I usually go by the back of the neck as well but I don't find LO settles when he's cold either so that's usually my main indication x


----------



## rosyfeathers

My HV told me to always feel their chest & back -
thats what ive always gone by...:flower:


----------



## charliesmom

I used to check her chest, but now being winter and all, it's hard to stick your hands down 4 layers of clothes without waking her up. So I feel her hands, if they're pretty icy, I add another blankie. If they are really warm, I'm probably suffocating her. I fuss about her temp for at least 15 mins before I fall asleep every night, checking her hands and deciding how many blankies to put on... the life of a mom.


----------



## TennisGal

HV told me chest, but doc said back of neck...as sometimes, as CM says, it's hard to feel their chest when they are asleep!

Gro-bags have been great for us, as DD kicks off every single blanket put on her. Fair enough if she likes to do that in normal weather, but I had a chat with her and told her it's really not a great idea in minus temps! :lol:


----------



## rosyfeathers

charliesmom said:


> I used to check her chest, but now being winter and all, it's hard to stick your hands down 4 layers of clothes without waking her up. So I feel her hands, if they're pretty icy, I add another blankie. If they are really warm, I'm probably suffocating her.
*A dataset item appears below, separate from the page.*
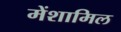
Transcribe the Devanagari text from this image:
मेंशामिल
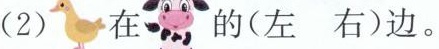
(2) 在 的(左 右)边。

I fuss about her temp for at least 15 mins before I fall asleep every night, checking her hands and deciding how many blankies to put on... the life of a mom.

yea, i agree, when i started checking on Faith when she was a few wks old, she wud wake up, but after a while she got used to it, & i think she got so used to it that i cud even add another layer of clothing( as i never used blankies) if her chest felt cool, & shed just stir & go back to sleep...
With Christina at the moment she also wakes up briefly, but never kicks up a fuss, just turns her head and puts her thumb in her mouth & goes back to sleep:baby: - you are so right - the life of a mom!! every nite i also spend a good 1/2 hr trying to decide if i need to add another layer on or not!!..:-k


----------



## Mumiof2

I always check the back of the neck x


----------